Are there any studies of comparing lengths of 100, 150 and 250 bp (paired end) for variant calling (SNP detection). I was wondering how much we gain (true positive, false negatives) in we sequence a longer read by Ilumina (not PacBio).
We compared single vs paired-end and 50bp vs 150bp, all at the same genome coverage (20X). We found that paired-end reads offered the most improvement, largely by increasing mappability/coverage within repeated gene sequences (paralogs, pseudogenes, conserved domains). We observed a more modest increase in coverage with longer reads. Details are available here.
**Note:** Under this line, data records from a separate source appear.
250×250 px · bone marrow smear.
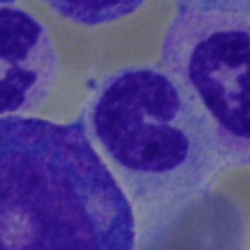{"cell_type": "stab cell"}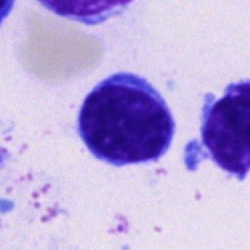Single cell identified as a lymphocyte.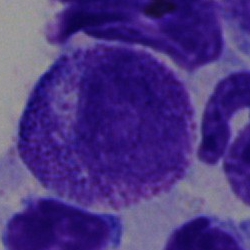 Showing a myelocyte.
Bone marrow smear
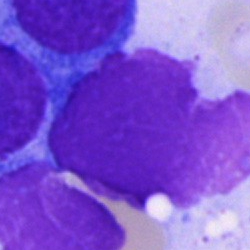
The cell shown is an artifact.
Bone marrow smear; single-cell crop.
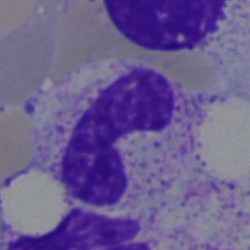 Q: Which cell type is shown here?
A: Segmented neutrophil.
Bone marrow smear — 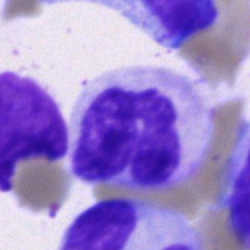

Q: What is shown here?
A: Polymorphonuclear neutrophil.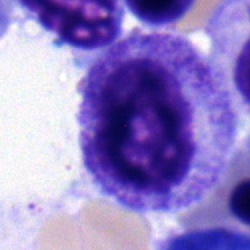Morphology consistent with a myelocyte.
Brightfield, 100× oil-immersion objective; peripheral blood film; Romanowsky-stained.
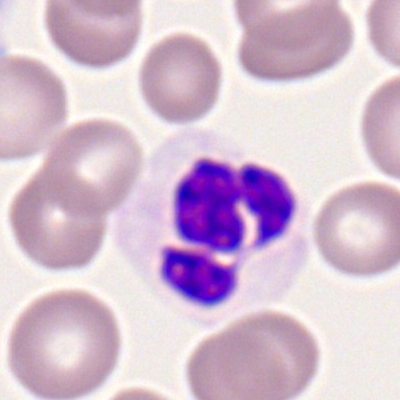Specimen: peripheral blood film.
Classification: segmented neutrophil.
Lineage: myeloid.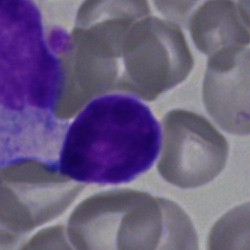 Morphological class — lymphocyte.
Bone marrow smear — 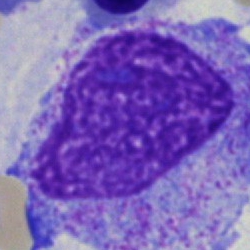 The cell is progranulocyte.
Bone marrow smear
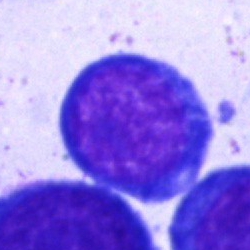
Morphology consistent with a pronormoblast.
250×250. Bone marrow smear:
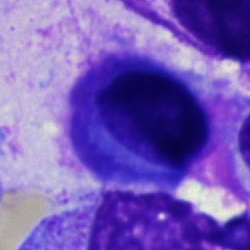
Q: Which cell type is shown here?
A: It is a plasma cell.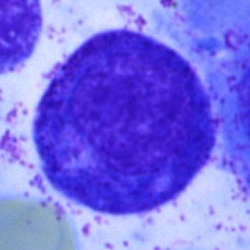 Cell — promyelocyte.
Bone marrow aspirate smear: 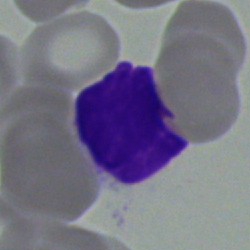
Q: What is shown here?
A: This is an artifact.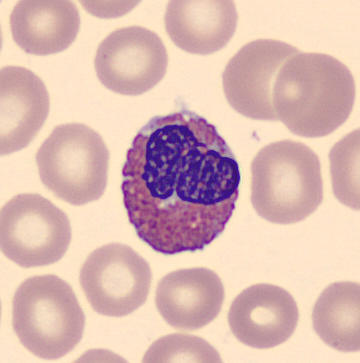
Acquisition: 360 by 363 pixels; single cell centered in the field; peripheral blood film. Morphology consistent with an eosinophil.
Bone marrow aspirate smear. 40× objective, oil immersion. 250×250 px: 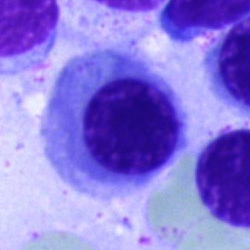Specimen: bone marrow smear.
Cell type: nucleated red cell.
Lineage: erythroid.
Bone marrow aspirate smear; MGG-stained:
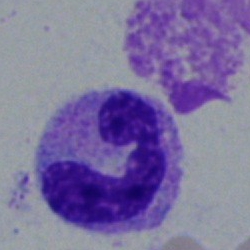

Longer reads and longer/variable insert sizes are both helpful for resolving repetitive areas, but it's also worth noting that longer individual reads improve indel-calling capability and accuracy. For example, I was able to call up to ~40bp insertions max from 2x100bp reads (using the raw mapping data, i.e., looking for insertion events fully contained in cigar strings). However, after extending and merging pairs to produce fused reads >400bp long, I was able to confidently detect insertions events over 200bp after mapping. The number of short insertions dwarfs the number of longer insertions; as I noted in an email:
This yields approximately 48000 insertions (~2700 longer than 36bp and ~400 longer than 100bp)
And SNPs again outnumber insertions by maybe 20-to-1. So this does not affect the majority of mutations, but then again, you can probably get the majority of mutations with 50bp single-ended reads. If you're interested in long indels (and particularly long insertions), it's worth considering longer reads and extending+merging pairs with longer and variable insert sizes. Although the above was based on 2x100 reads, 2x150 would have worked even better; longer reads are easier to extend and merge. (By "easier" I mean they can be made longer, with greater accuracy.)